_Task objective_:
Starting at the top line, print the entries below exactly as they are and skip every picture.

--------------------

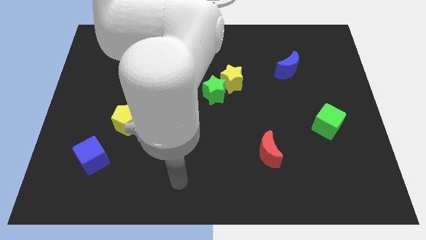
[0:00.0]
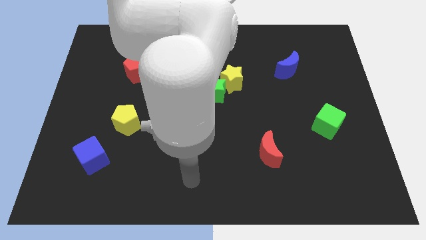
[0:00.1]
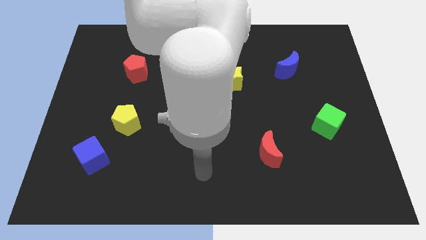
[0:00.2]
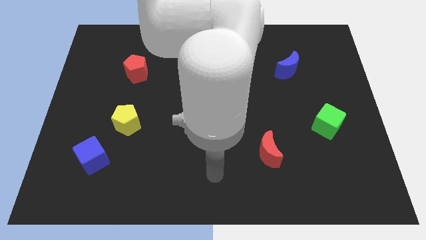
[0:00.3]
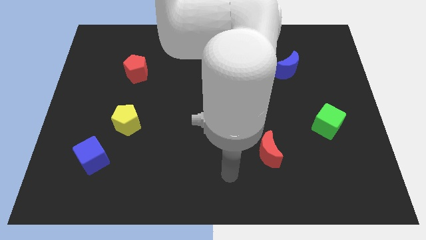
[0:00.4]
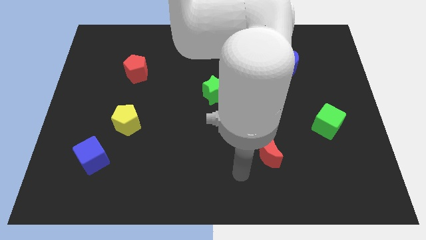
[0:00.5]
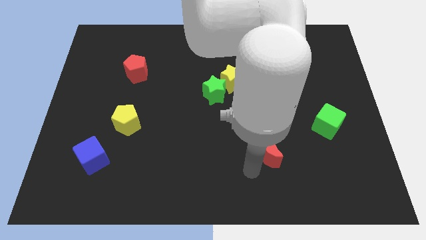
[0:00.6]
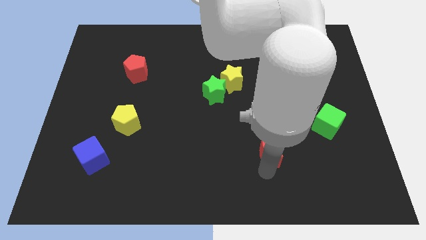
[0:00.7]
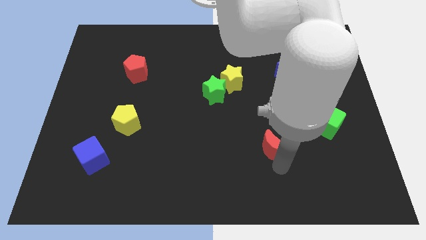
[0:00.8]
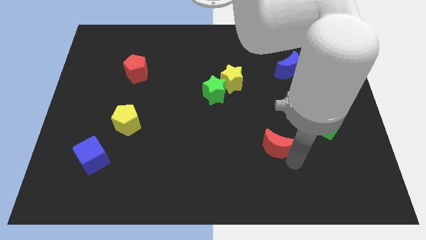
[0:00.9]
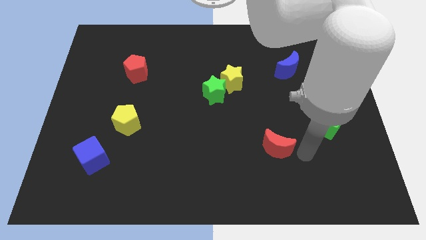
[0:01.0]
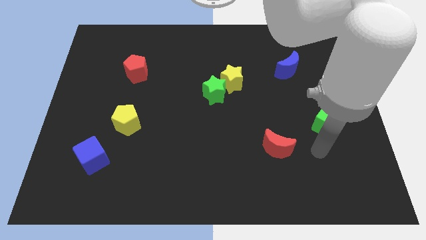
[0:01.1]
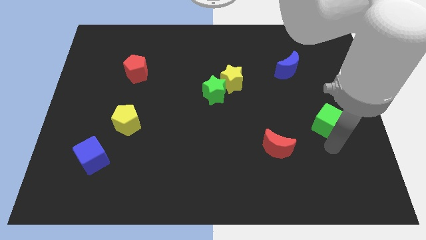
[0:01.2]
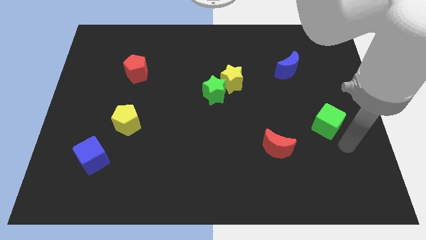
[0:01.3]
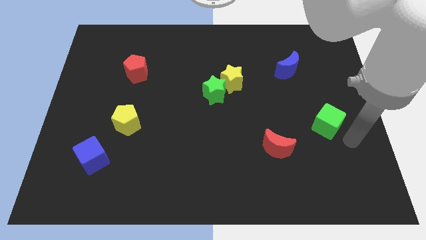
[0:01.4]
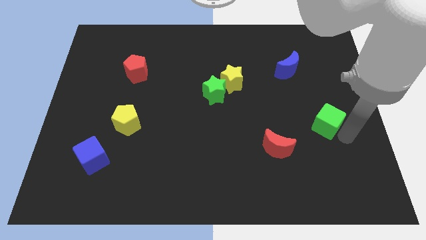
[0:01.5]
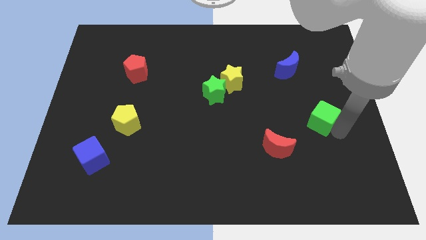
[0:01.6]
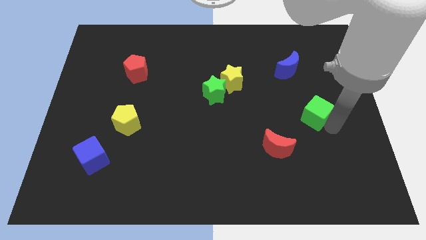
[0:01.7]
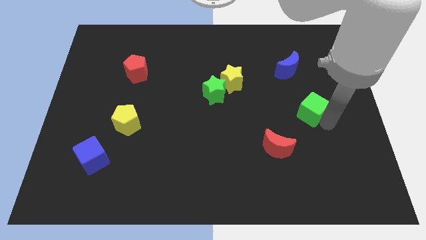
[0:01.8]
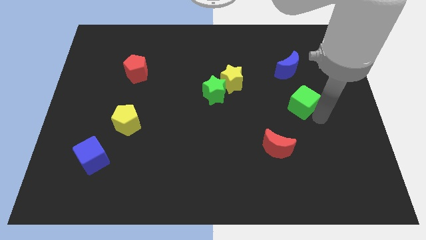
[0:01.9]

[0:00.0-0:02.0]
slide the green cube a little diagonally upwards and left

--------------------

_Result for this task_:
[0:00.0]
[0:00.1]
[0:00.2]
[0:00.3]
[0:00.4]
[0:00.5]
[0:00.6]
[0:00.7]
[0:00.8]
[0:00.9]
[0:01.0]
[0:01.1]
[0:01.2]
[0:01.3]
[0:01.4]
[0:01.5]
[0:01.6]
[0:01.7]
[0:01.8]
[0:01.9]

[0:00.0-0:02.0]
slide the green cube a little diagonally upwards and left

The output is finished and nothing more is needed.